Background

If the music plays again
Leading you and me to fly
I will not fall
I will use all my strength
To hold hands once more and let the whole world resonate
Let us meet again
Feeling your dreams

Luo Tianyi gives you a tree, which initially consists of only a root node. At each time $t$ from $0$ to $n-1$, the following operation occurs:

• Every node whose depth is congruent to the current time $t$ modulo $2$ grows a leaf node. (The root node has a depth of $0$, and a child node's depth is the parent's depth $+1$).

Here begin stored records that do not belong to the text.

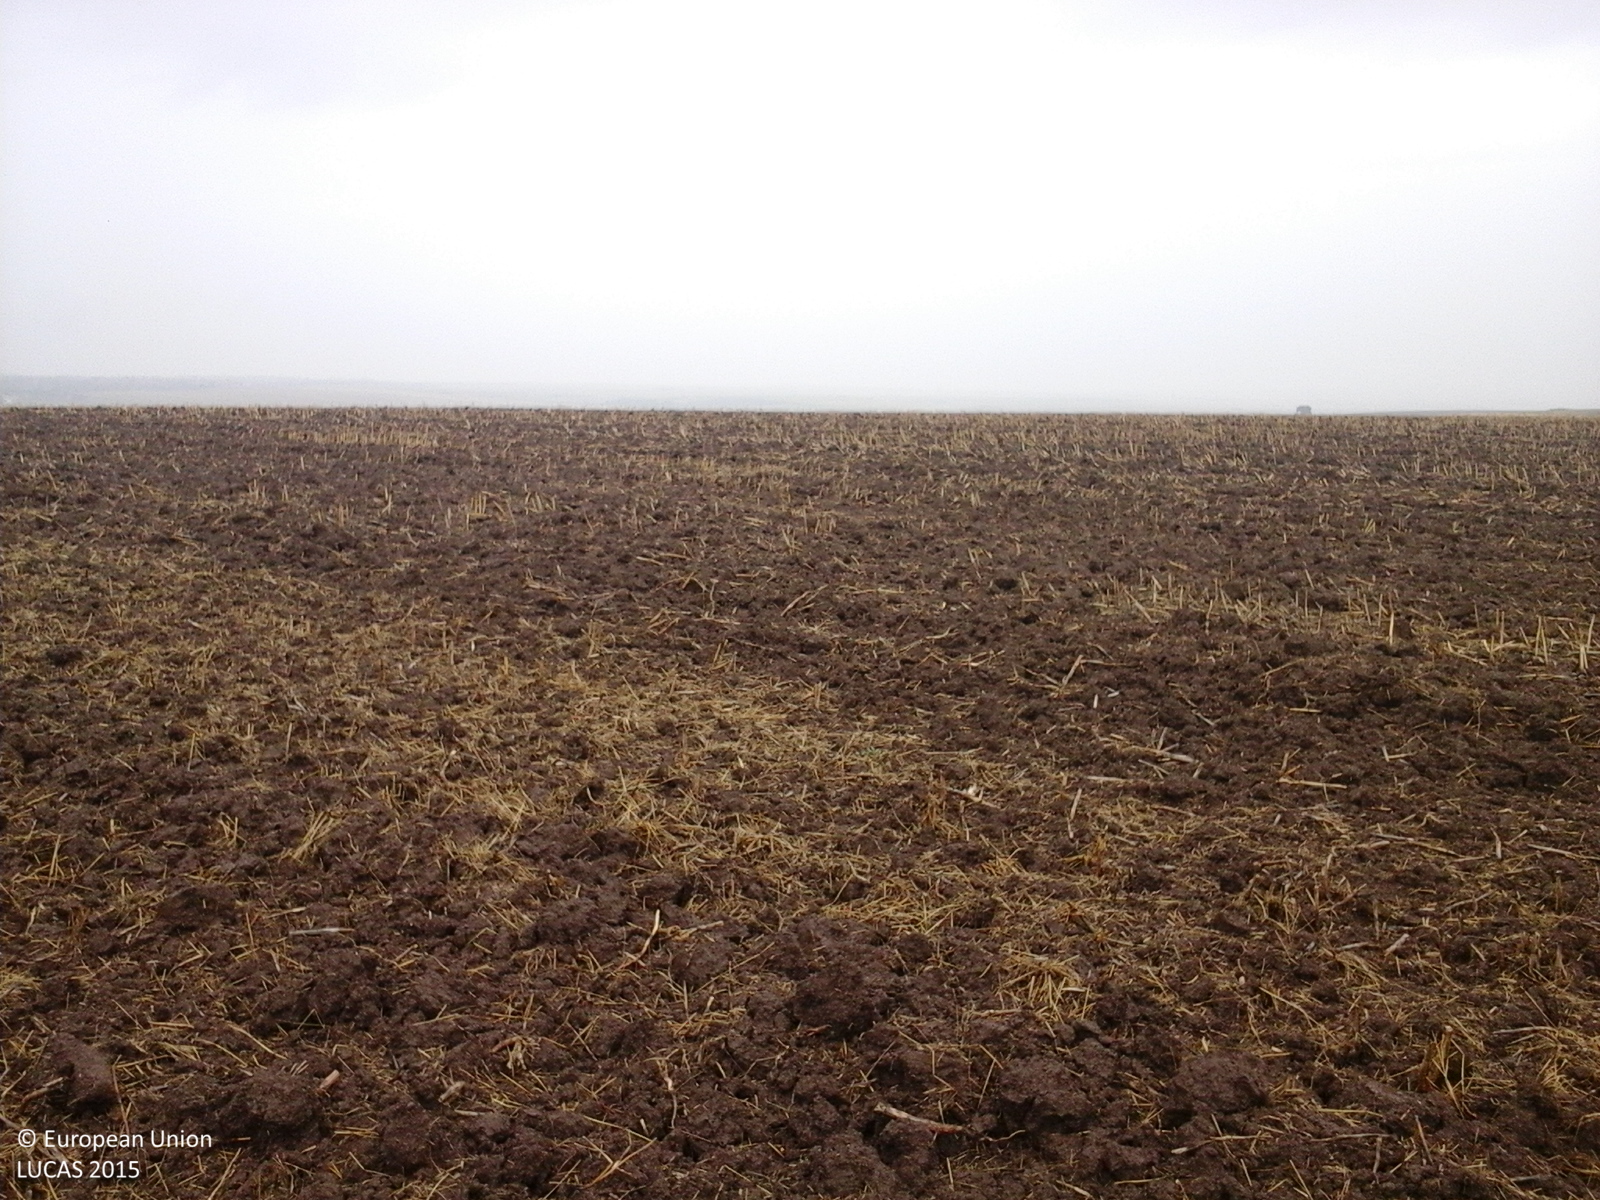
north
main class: Grassland
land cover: Spontaneously vegetated surfaces
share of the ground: > 75 %
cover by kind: herbaceous plants 100 %
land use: Fallow land
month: August
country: RO
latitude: 45.9372
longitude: 21.4226
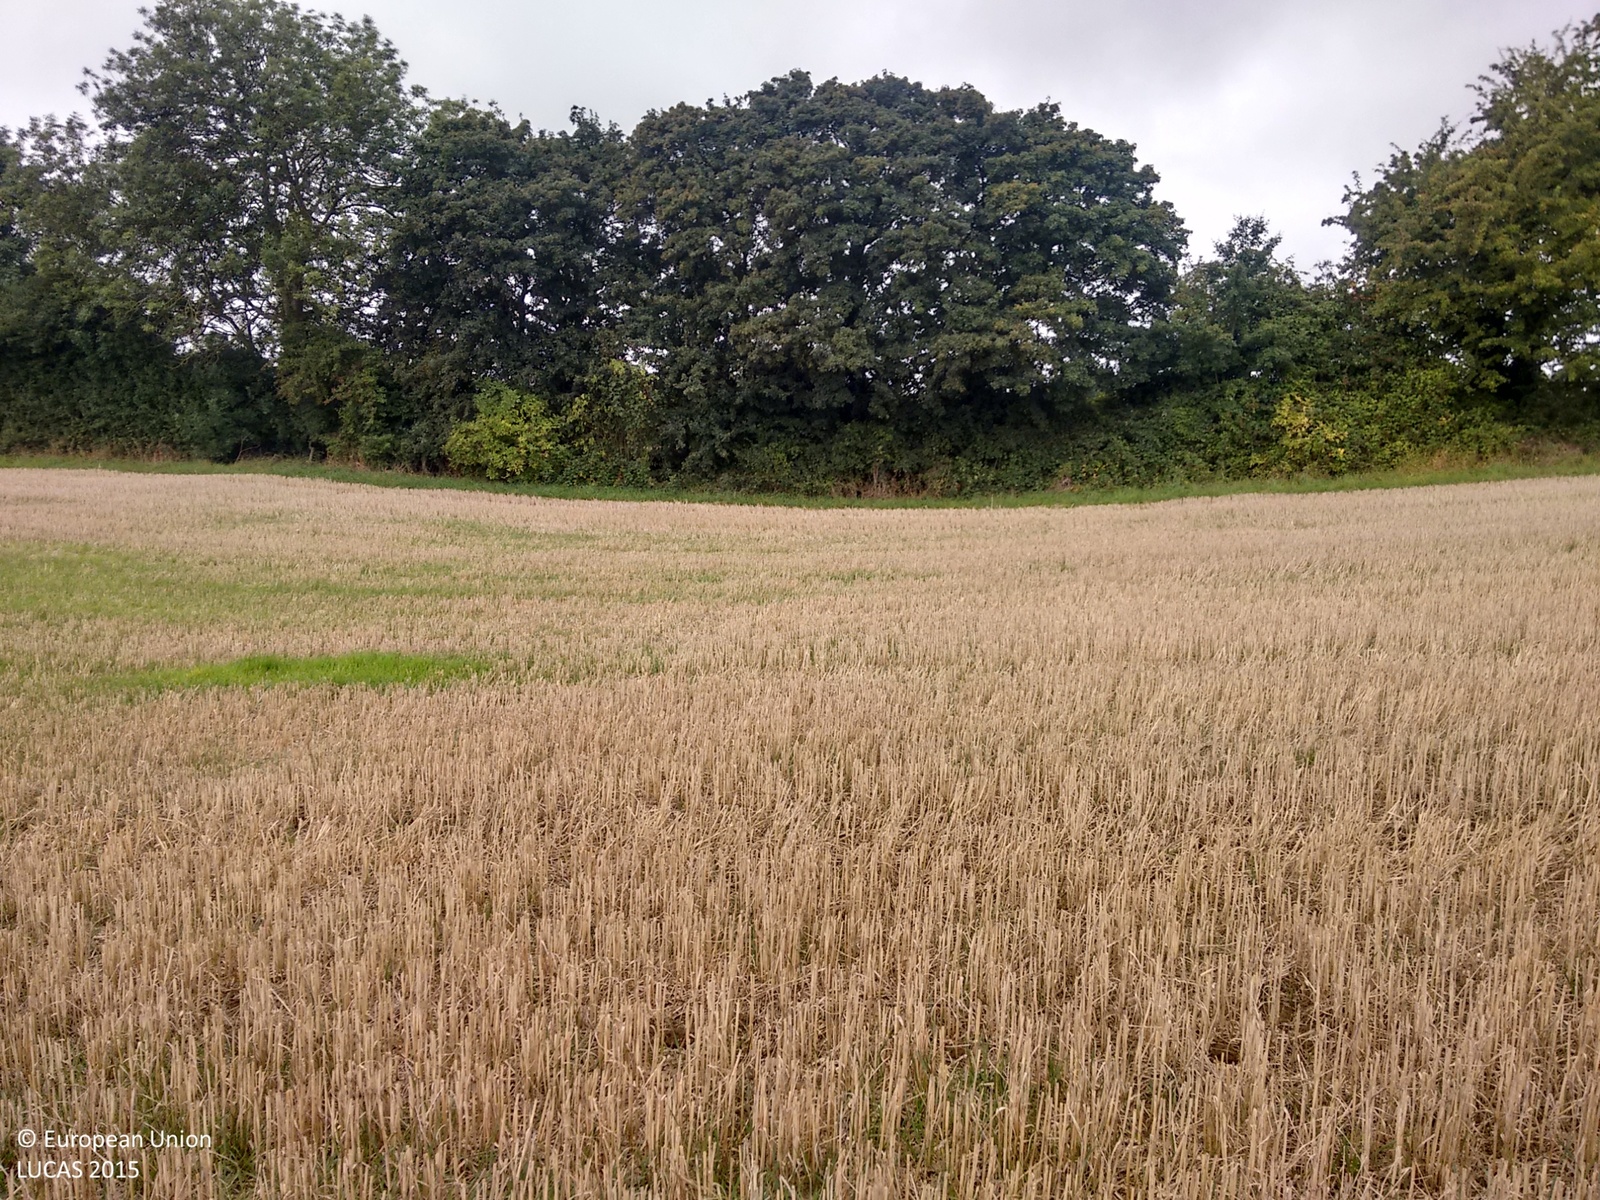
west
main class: Cropland
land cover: Common wheat
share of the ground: > 75 %
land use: Agriculture (excluding fallow land and kitchen gardens)
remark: Harvested field
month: September
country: GB
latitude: 52.3358
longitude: 1.3945

Find the number of unordered pairs of nodes in the tree at a distance of $d$ after $n$ operations, modulo $998244353$.

Input

A single line containing two integers $n$ and $d$, representing the number of operations and the distance, respectively.

Output

A single line containing an integer $ans$, representing the number of unordered pairs modulo $998244353$.

Examples

Input 1

5 3

Output 1

16

Note 1

The unordered pairs are $(1,5)$, $(1,10)$, $(1,11)$, $(1,12)$, $(2,7)$, $(2,8)$, $(3,4)$, $(3,9)$, $(3,11)$, $(3,13)$, $(4,6)$, $(5,6)$, $(6,7)$, $(6,10)$, $(7,9)$, $(8,10)$, for a total of $16$ pairs.

Constraints

For all data: $1\leq n\leq 10^9$, $1\leq d\leq 10^5$.

Subtask 1 (1 pt): $1\leq n\leq 25$, $1\leq d\leq 400$.

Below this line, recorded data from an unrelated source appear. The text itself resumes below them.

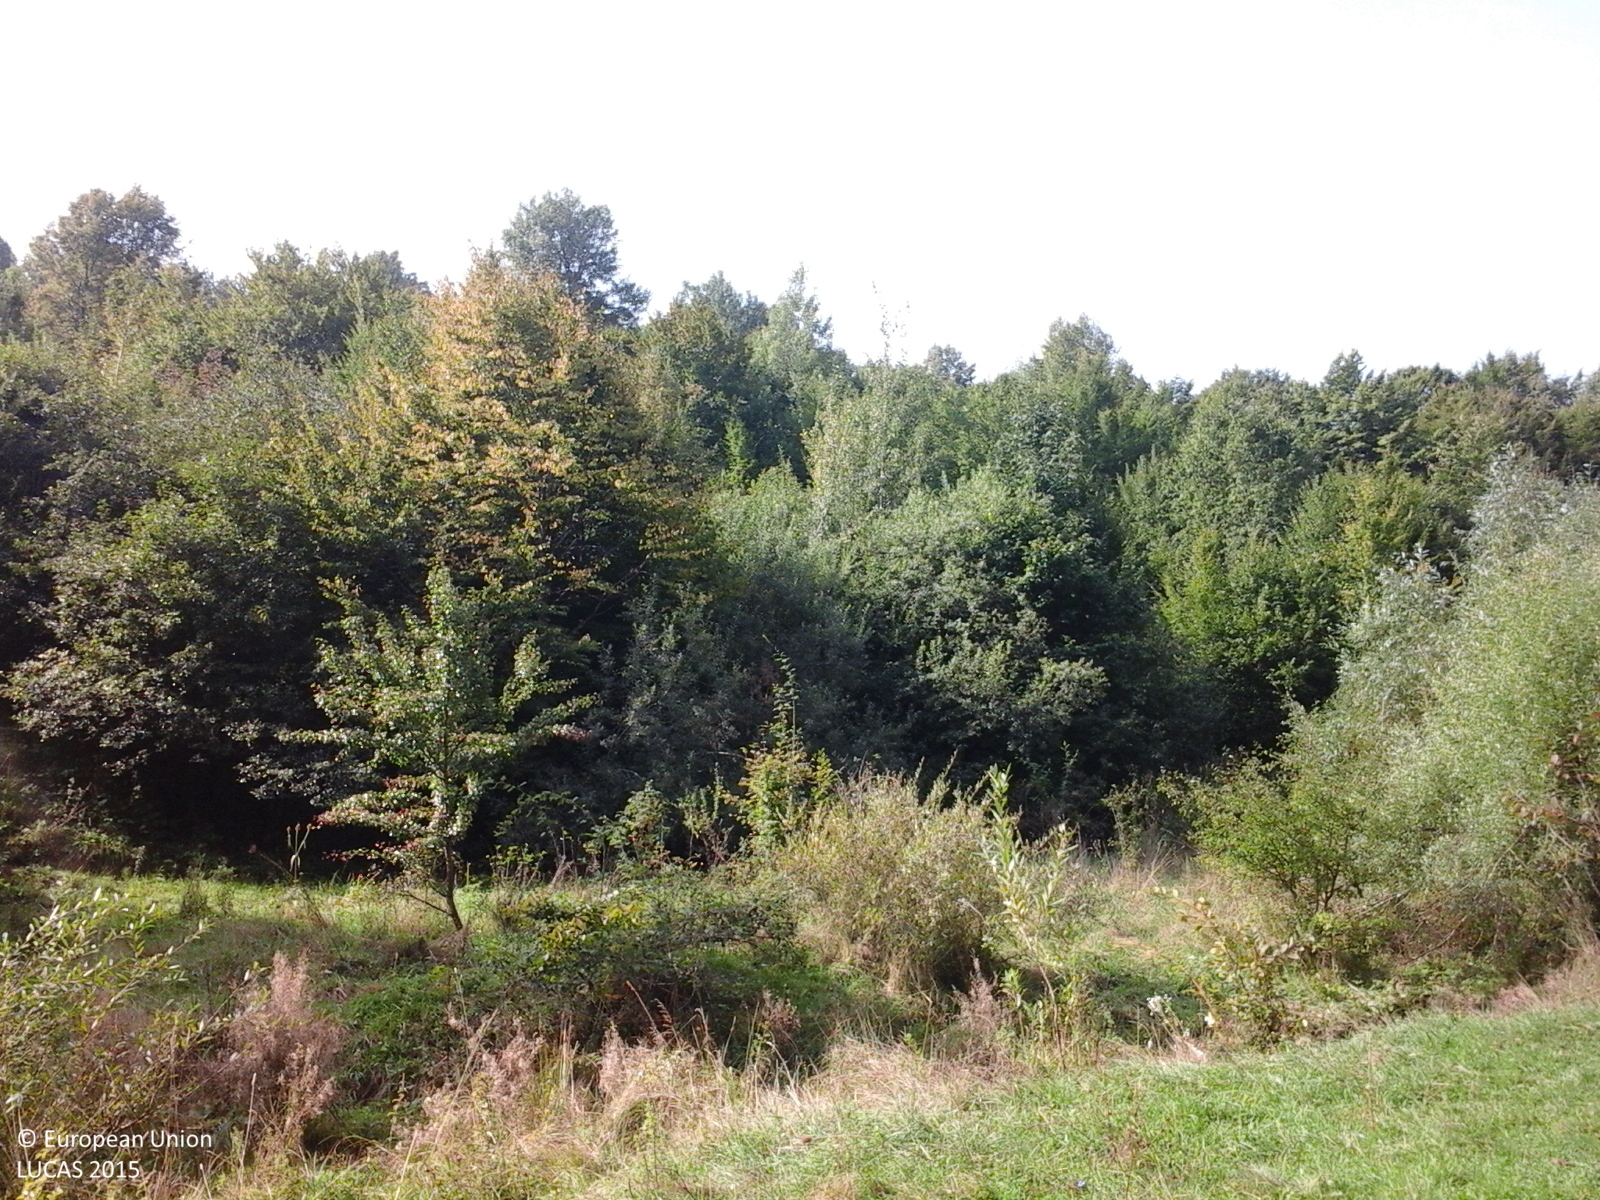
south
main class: Woodland
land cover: Broadleaved woodland
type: mesophytic deciduous forest
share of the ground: > 75 %
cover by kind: broadleaved forest trees 100 %
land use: Forestry
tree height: > 5 m
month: September
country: RO
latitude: 46.8009
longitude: 22.9400

Subtask 2 (7 pts): $1\leq n\leq 400$, $1\leq d\leq 400$.

Subtask 3 (10 pts): $1\leq n\leq 2000$, $1\leq d\leq 2000$.

Subtask 4 (14 pts): $1\leq n\leq 5000$, $1\leq d\leq 5000$.

Subtask 5 (19 pts): $1\leq d\leq 100$.

Subtask 6 (36 pts): $1\leq d\leq 5000$.

Subtask 7 (13 pts): No special restrictions.